Mais elle ne voulait pas rester. Elle dit qu’elle avait du travail. Et elle disparut.
— Il y a longtemps que je voulais vous rencontrer, dit Olhado.
— On pouvait me rencontrer, dit-elle.
— Vous étiez occupée.
— Je n’ai pas d’occupations, dit Valentine.
— Vous vous occupez des affaires d’Andrew.
— Qu’importe. Maintenant, nous nous sommes rencontrés. J’étais curieuse à votre sujet, Olhado. À moins que vous ne préfériez votre nom de baptême, Lauro ?
— Sur Lusitania, on porte le nom que les gens vous donnent. Avant, j’étais Sule, à cause de mon second prénom, Suleimão.
— Salomon le Sage.
— Mais, après que j’ai perdu mes yeux, je suis devenu Olhado, et pour toujours.
— Celui qu’on regarde.
— Olhado pourrait vouloir dire ça, certes, c’est le participe passé d’olhar, après tout.

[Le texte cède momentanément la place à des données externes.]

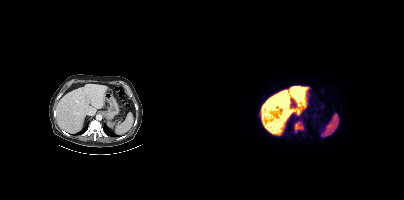
- Two-panel axial: CT | PSMA PET, [18F]PSMA-1007 tracer
- slice 321 of 508
- PET panel 200×200 px (4.1 mm/px)
Findings: Coordinates are on the 200×200 PET (right) panel. PSMA-avid tumor lesion bounding box (x0, y0)-(x1, y1): (90, 121)-(99, 132).
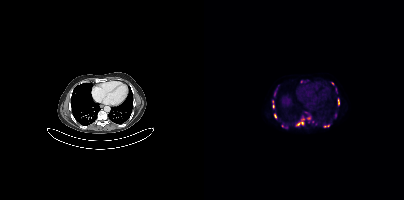
Coordinates are on the 200×200 PET (right) panel. PSMA-avid tumor lesion bounding boxes (partial; 6 more foci not listed):
| # | x0 | y0 | x1 | y1 |
|---|---|---|---|---|
| 1 | 134 | 99 | 135 | 105 |
| 2 | 94 | 122 | 98 | 125 |
| 3 | 120 | 125 | 125 | 126 |
Small PSMA-avid foci (2 to 4 px across) near (center x, center y): (71, 115); (69, 106); (128, 83).
Two-panel axial: CT | PSMA PET, [18F]PSMA-1007 tracer. Slice 261 of 407.

Mais dans mon cas ça veut dire « le type qui a des yeux ».
— Et c’est votre nom ?
— Ma femme m’appelle Lauro. Et mes enfants m’appellent papa.
— Et moi ?
— Comme vous voudrez.
— Sule, alors.
— Lauro, s’il vous faut un prénom. Sule me donne l’impression d’avoir six ans.
— Et vous rappelle le temps où vous pouviez voir.
— Oh, dit-il en riant. Je vois, maintenant, merci beaucoup. Je vois même très bien.
— C’est ce que dit Andrew. Voilà pourquoi je suis venue à vous. Pour savoir ce que vous voyez.